The AGM resolved, in accordance with the proposal of the Board of Directors, in deviation from the preferential rights of shareholders, to invite managers and senior executives to acquire call options on repurchased class B shares. A maximum of 800,000 call options giving the right to acquire a corresponding number of shares may be issued. Options shall be acquired at market value. The redemption price shall be set at 125% of the average market price of the share during the measurement period 3 September 2024 – 13 September 2024. The purpose of the programme, among other things, is to allow management staff in the Group, through their own investment, to benefit from and strive for a positive increase in the value of the company’s shares, thereby more closely aligning the interests of managers and shareholders in the company. The purpose of the programme is to also contribute to increasing the long-term share ownership of management staff in the company. In order to encourage participation in the programme, extra compensation shall be paid corresponding to the premium paid after two years, provided that the option holder has not resigned or had their employment with the Group terminated and that the option holder still holds call options.

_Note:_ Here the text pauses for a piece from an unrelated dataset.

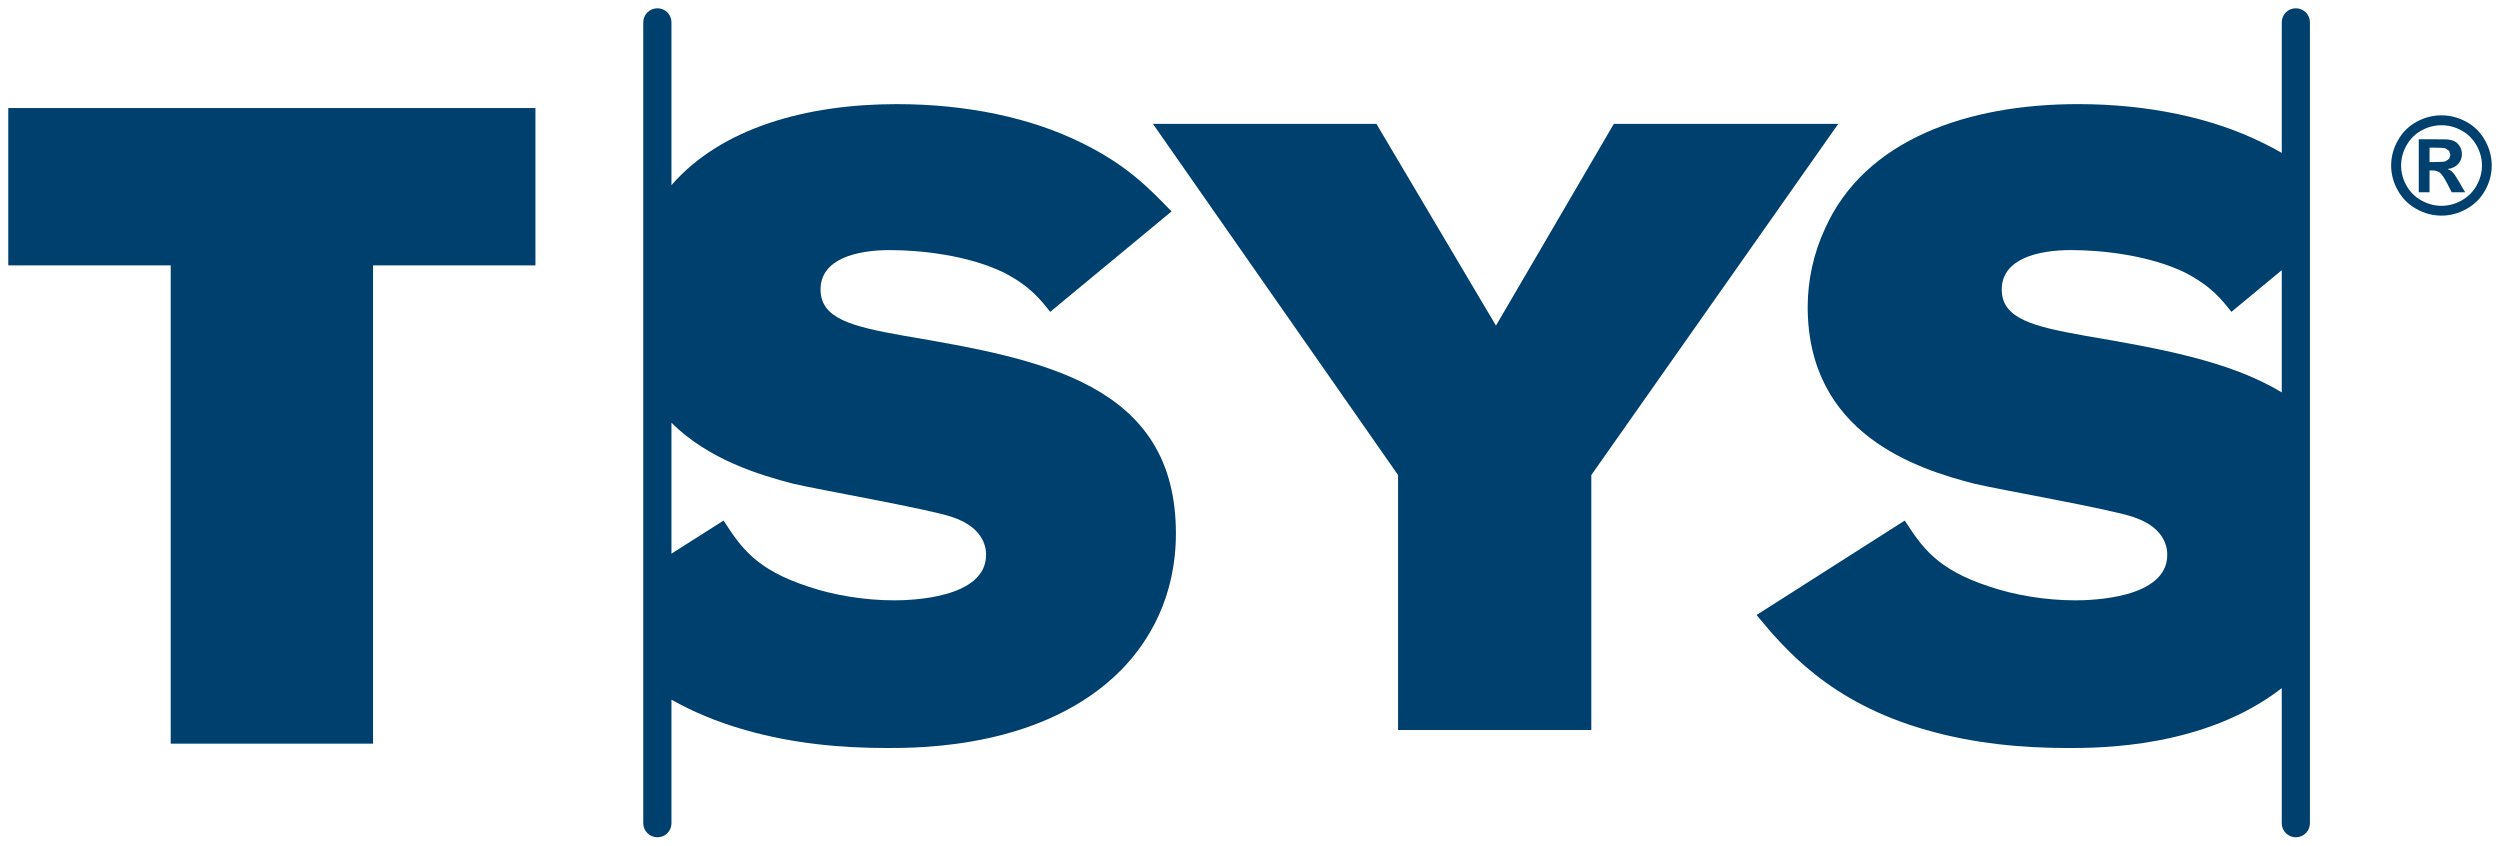<?xml version="1.0" encoding="UTF-8" standalone="no"?> <svg xmlns:dc="http://purl.org/dc/elements/1.1/" xmlns:cc="http://creativecommons.org/ns#" xmlns:rdf="http://www.w3.org/1999/02/22-rdf-syntax-ns#" xmlns:svg="http://www.w3.org/2000/svg" xmlns="http://www.w3.org/2000/svg" xmlns:sodipodi="http://sodipodi.sourceforge.net/DTD/sodipodi-0.dtd" xmlns:inkscape="http://www.inkscape.org/namespaces/inkscape" width="150.996" height="51.071" viewBox="0 0 150.996 51.071" id="svg4682" version="1.1" inkscape:version="0.91 r13725" sodipodi:docname="tsys.svg"><defs id="defs4684"></defs><g inkscape:label="Layer 1" inkscape:groupmode="layer" id="layer1" transform="translate(-416.43,-592.041)"><g transform="matrix(1.25,0,0,-1.25,416.93,598.566)" id="g4153"><path inkscape:connector-curvature="0" id="path4155" style="fill:#00406e;fill-opacity:1;fill-rule:nonzero;stroke:none" d="m 0,0 0,-7.603 7.848,0 0,-23.11 9.777,0 0,23.11 7.847,0 0,7.603"></path></g><g transform="matrix(1.25,0,0,-1.25,499.563,599.522)" id="g4157"><path inkscape:connector-curvature="0" id="path4159" style="fill:#00406e;fill-opacity:1;fill-rule:nonzero;stroke:none" d="M 0,0 5.777,-9.748 11.472,0 22.316,0 10.384,-16.969 l 0,-12.319 -9.338,0 0,12.319 L -10.799,0"></path></g><g transform="matrix(1.25,0,0,-1.25,542.41,612.328)" id="g4161"><path inkscape:connector-curvature="0" id="path4163" style="fill:#00406e;fill-opacity:1;fill-rule:nonzero;stroke:none" d="m 0,0 c -2.553,0.454 -4.062,0.827 -4.062,2.241 0,1.491 1.759,1.905 3.351,1.905 1.506,0 3.765,-0.25 5.485,-1.077 C 6.07,2.405 6.575,1.741 7.034,1.16 l 2.434,2.015 0,-5.908 C 6.969,-1.207 3.491,-0.596 0,0 m 10.148,15.829 c -0.379,0 -0.68,-0.304 -0.68,-0.678 l 0,-6.309 c -0.289,0.164 -0.593,0.329 -0.927,0.49 -2.429,1.203 -5.524,1.867 -8.918,1.867 -5.316,0 -10.298,-1.7 -12.224,-6.015 -0.543,-1.16 -0.838,-2.491 -0.838,-3.776 0,-6.182 5.318,-7.842 8.037,-8.547 1.217,-0.29 6.658,-1.242 7.705,-1.616 1.632,-0.541 1.632,-1.62 1.632,-1.825 0,-2.118 -3.682,-2.198 -4.437,-2.198 -1.423,0 -2.932,0.248 -4.145,0.662 -2.554,0.83 -3.265,1.909 -4.102,3.193 l -7.16,-4.563 c 1.34,-1.618 3.516,-4.229 8.208,-5.557 2.299,-0.662 4.645,-0.871 6.864,-0.871 1.491,0 6.589,0.003 10.305,2.894 l 0,-6.533 c 0,-0.37 0.301,-0.674 0.68,-0.674 0.377,0 0.68,0.304 0.68,0.674 l 0,38.704 c 0,0.374 -0.303,0.678 -0.68,0.678"></path></g><g transform="matrix(1.25,0,0,-1.25,470.44,628.3)" id="g4165"><path inkscape:connector-curvature="0" id="path4167" style="fill:#00406e;fill-opacity:1;fill-rule:nonzero;stroke:none" d="m 0,0 c -1.422,0 -2.93,0.247 -4.146,0.662 -2.554,0.83 -3.266,1.908 -4.1,3.193 l -2.518,-1.6 0,6.327 C -8.977,6.798 -6.493,6.054 -4.898,5.639 -3.685,5.349 1.757,4.397 2.804,4.023 4.438,3.482 4.438,2.402 4.438,2.198 4.438,0.08 0.753,0 0,0 m 0.503,12.778 c -2.554,0.453 -4.063,0.827 -4.063,2.241 0,1.491 1.76,1.904 3.349,1.904 1.507,0 3.77,-0.25 5.487,-1.076 1.297,-0.664 1.8,-1.328 2.26,-1.909 l 5.863,4.854 c -1.048,1.077 -2.139,2.239 -4.355,3.317 -2.429,1.204 -5.526,1.867 -8.919,1.867 -4.353,0 -8.477,-1.139 -10.889,-3.915 l 0,7.868 c 0,0.374 -0.301,0.678 -0.678,0.678 -0.378,0 -0.685,-0.304 -0.685,-0.678 l 0,-38.704 c 0,-0.37 0.307,-0.674 0.685,-0.674 0.377,0 0.678,0.304 0.678,0.674 l 0,5.974 c 0.994,-0.56 2.168,-1.069 3.563,-1.464 2.303,-0.662 4.646,-0.871 6.864,-0.871 1.633,0 7.58,0 11.306,3.775 1.34,1.367 2.641,3.526 2.641,6.595 0,7.261 -6.534,8.422 -13.107,9.544"></path></g><g transform="matrix(1.25,0,0,-1.25,563.17,600.958)" id="g4169"><path inkscape:connector-curvature="0" id="path4171" style="fill:#00406e;fill-opacity:1;fill-rule:nonzero;stroke:none" d="M 0,0 0.213,0 C 0.51,0 0.695,-0.012 0.772,-0.036 L 0.947,-0.155 1.009,-0.345 0.947,-0.54 0.773,-0.661 C 0.7,-0.684 0.514,-0.696 0.213,-0.696 L 0,-0.696 0,0 Z m 0,-2.156 0,1.054 0.136,0 c 0.147,0 0.267,-0.036 0.364,-0.109 0.094,-0.072 0.213,-0.249 0.357,-0.528 l 0.213,-0.417 0.651,0 -0.302,0.517 C 1.312,-1.456 1.248,-1.353 1.228,-1.327 1.154,-1.23 1.097,-1.164 1.054,-1.129 l -0.181,0.095 c 0.219,0.031 0.389,0.113 0.509,0.244 0.122,0.131 0.182,0.289 0.182,0.474 0,0.134 -0.032,0.257 -0.096,0.367 C 1.403,0.162 1.323,0.243 1.226,0.296 1.131,0.351 0.996,0.384 0.823,0.399 0.764,0.403 0.491,0.406 0.001,0.406 l -0.521,0 0,-2.562 0.52,0 z M -0.624,1.25 C -1.006,1.042 -1.307,0.744 -1.526,0.356 c -0.219,-0.388 -0.329,-0.795 -0.329,-1.217 0,-0.423 0.108,-0.825 0.324,-1.208 0.213,-0.381 0.512,-0.681 0.897,-0.894 0.385,-0.214 0.786,-0.322 1.21,-0.322 0.422,0 0.826,0.108 1.209,0.322 0.386,0.213 0.685,0.513 0.899,0.894 0.214,0.383 0.321,0.785 0.321,1.208 0,0.422 -0.108,0.829 -0.328,1.217 C 2.459,0.744 2.159,1.042 1.775,1.25 1.392,1.457 0.993,1.561 0.576,1.561 0.159,1.561 -0.24,1.457 -0.624,1.25 M 1.54,0.832 C 1.848,0.666 2.09,0.426 2.268,0.115 2.444,-0.196 2.533,-0.522 2.533,-0.863 2.533,-1.202 2.445,-1.526 2.273,-1.832 2.099,-2.14 1.858,-2.379 1.55,-2.553 1.242,-2.725 0.919,-2.811 0.578,-2.811 c -0.339,0 -0.662,0.086 -0.971,0.258 -0.309,0.174 -0.549,0.413 -0.723,0.721 -0.171,0.306 -0.257,0.63 -0.257,0.969 0,0.341 0.088,0.667 0.264,0.978 0.177,0.311 0.418,0.551 0.725,0.717 0.307,0.167 0.627,0.25 0.962,0.25 0.334,0 0.655,-0.083 0.962,-0.25"></path></g></g></svg>

The AGM also resolved to assign to the option holders up to 800,000 of the company’s repurchased shares in conjunction with any exercise of the call options.


Authorisation for the Board to decide on a new issue of up to 10% of the number of B shares

The Annual General Meeting resolved, in accordance with the proposal of the Board of Directors, for the purpose of enabling more acquisitions, to authorise the Board of Directors during the period until the next AGM, on one or more occasions, to decide on a new issue of B shares. A new issue of B shares may take place with or without preferential rights for the company's shareholders, and payment can be made either in cash, and/or with non-cash consideration, by set-off or otherwise subject to terms and conditions. The number of shares that can be issued by virtue of the authorisation, shall not imply a dilution of more than 10% of the total number of B shares upon the adoption of the proposed authorisation by the Annual General Meeting, after full exercise of the proposed authorisation. The purpose of the authorisation is to increase the company’s financial flexibility and the Board’s freedom of action. If the Board decides on an issue with a deviation from the shareholders' preferential rights, the reason must be that the shares shall be able to constitute a means of payment in connection with acquisitions, to finance acquisitions or to strengthen the balance sheet in connection with acquisitions. In the event of such a deviation from the shareholders' preferential rights, the issue must be carried out on market-related terms and conditions.


Stockholm, 26 August 2024

Lagercrantz Group AB (publ)


This information is disclosed in accordance with the Lagercrantz Group AB (publ) agreement with Nasdaq Stockholm Exchange. The information was submitted for publication on 26 August 2024, at 18:30 CEST.